The experience of crossing national borders has always been defined by inequality. A hierarchy of mobility determined those who were free and facilitated to move and those who faced many hurdles and restrictions to prevent them leaving home. But Covid-19 has challenged this mobility hierarchy. People traditionally seen to be at the top end – tourists, students and skilled migrants with potential to make an economic contribution to a country – are now restricted. They now sit alongside those who have long been at the other end of the spectrum – undocumented workers, refugees and asylum seekers, those who are deemed potentially a risk to the economy and to national security.
The pandemic is reshaping the inequalities of mobility in three new – or at least heightened – ways.
- The inequality of waiting
For many aspiring to get on a plane this year, this simply has not been possible, due to varying forms of border closures around the world. Many are waiting till the day comes when travel is possible. However, the experience of waiting is not equal. Staying still, doing nothing, delaying the future is an experience that is easier or more difficult depending on a number of complex cultural, social and economic factors. Waiting, for example, may be more difficult for those who are dealing with mental health issues, poverty or financial struggles, cultural pressure to give up, home and caring duties, access to the internet and domestic infrastructure.

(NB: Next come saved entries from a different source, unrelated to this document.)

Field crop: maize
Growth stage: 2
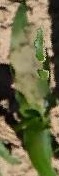
Species: maize
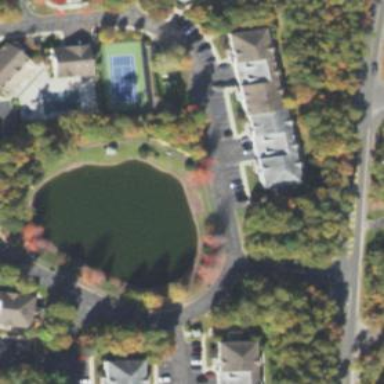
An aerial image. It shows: Pond with natural water.
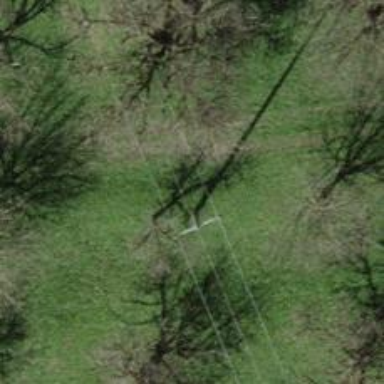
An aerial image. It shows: Three power lines with cables.

- The inequality of information
Those seeking to move across borders are now dependent on reliable information about the “when” factor. Navigating the unknown and seeking certainty around time when there isn’t any to be found is deeply unsettling – and again, the quest for reliable information is unequal. Accessing this information depends upon factors including internet access and connectivity, the ability to navigate government internet restrictions, cultural literacy in terms of knowing where to seek this information and understand bureaucratic language as well as political challenges. At the same time, this quest for information depends greatly on local media landscapes and the level of tabloid, rumour and so-called “fake news” that may be more easily accessible than authoritative news and information.

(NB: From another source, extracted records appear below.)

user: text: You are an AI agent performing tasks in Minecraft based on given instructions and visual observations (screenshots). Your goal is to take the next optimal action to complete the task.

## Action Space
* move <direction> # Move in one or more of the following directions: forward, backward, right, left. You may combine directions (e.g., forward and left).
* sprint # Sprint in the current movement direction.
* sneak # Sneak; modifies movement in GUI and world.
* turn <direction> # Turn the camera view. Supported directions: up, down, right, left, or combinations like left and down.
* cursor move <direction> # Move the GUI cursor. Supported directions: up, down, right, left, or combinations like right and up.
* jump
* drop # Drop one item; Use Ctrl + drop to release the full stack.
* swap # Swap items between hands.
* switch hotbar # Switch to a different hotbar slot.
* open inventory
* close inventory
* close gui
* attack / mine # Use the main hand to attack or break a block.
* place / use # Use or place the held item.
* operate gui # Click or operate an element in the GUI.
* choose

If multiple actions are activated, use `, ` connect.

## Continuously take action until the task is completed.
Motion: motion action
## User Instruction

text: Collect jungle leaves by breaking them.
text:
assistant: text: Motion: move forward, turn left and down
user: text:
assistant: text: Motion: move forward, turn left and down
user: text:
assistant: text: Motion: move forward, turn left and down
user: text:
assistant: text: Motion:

- The inequality of global health
The so-called “lottery of birth” will continue to play a role – that is, the public-health regime and distribution of vaccines in the nation state in which a person happens to have been born or currently is waiting. The accessibility of vaccines and the public infrastructure to administer them is far from a level playing field globally, with those in poorer, less developed nations relying on global assistance and partnerships to achieve an effective level of herd immunity that will eventually facilitate the resumption of mobility. Discussions about “green lanes”, “travel bubbles” and “safety corridors” position borders as uneven spaces whereby those who are fortunate enough to be within a nation that has managed to control the virus may be facilitated easier access to move across borders than those who are not so fortunate.
These layers of mobility inequality are not entirely new. Refugees and asylum seekers are all too familiar with the idea of the “waiting game” as highly unequal and politicised. Likewise, global inequalities have always defined the patterns and flows of migration and mobility.
In this pandemic time, however, groups of people previously associated with relatively privileged migration and mobility are also experiencing this “border-as-temporal” phenomenon. This offers a chance to reassess the understanding of people traditionally seen as on the “privileged” end of the global mobility hierarchy, and to look for layers of inequality within these groups. Such recognition of the inequalities-within-inequalities can only assist in designing effective policy, support and responses that reflect the diversity of mobility experiences.
One group of relatively privileged mobile people affected by border closures are international students. International students are people who have the money and resources behind them to choose to leave their home and study in another country. They are largely welcomed as bringing an economic contribution not only to their host country’s institutions, but also to their local domestic economies.
As a result of Australia’s international border closure in March 2020, there are now around 92,000 of Australia’s international students still “stuck” offshore. These students are experiencing the border as temporal – they will “eventually” be able to cross it when the time is deemed right. For now, they are waiting. However, the experience of this waiting is far from equal and will define who will eventually cross the border once the time comes.
Restrictions around educational mobility amount to a restriction around being able to achieve, and to move upwards and onwards.
For international students stuck offshore, it is those who have the social, human and cultural capital to navigate the waiting game who will be successful in eventually achieving their end goal and entering a foreign campus. Those with limited internet connectivity, cultural and familial pressure to stay home, those facing large financial stresses in order to wait, those with caring or family duties at home are less likely to be able to hold on. The waiting game for these students is a tough ask. Whereas others will be privileged enough to afford to switch plans, re-enrol in an institution in a different country and travel through a border that is open now.
For the Australian higher education sector, when borders do finally reopen, it will be the group from the middle are most likely to disembark. Those who have enough resources to wait, but not enough to afford to pay not to wait. They are “of-the-middle” and as such will likely arrive back on our shores with a sense of urgency, diminished finances and having accomplished a potentially emotionally charged journey of stasis.
All forms of mobility are tied with a desire to achieve goals. Educational mobility is an obvious form of this. International education translates to a form of mobility-as-capital that is ideally converted into social capital. Restrictions around educational mobility thus amount to a restriction around being able to achieve, and to move upwards and onwards. This perpetuates these inequalities, making it more difficult for future generations to achieve similar ambitions.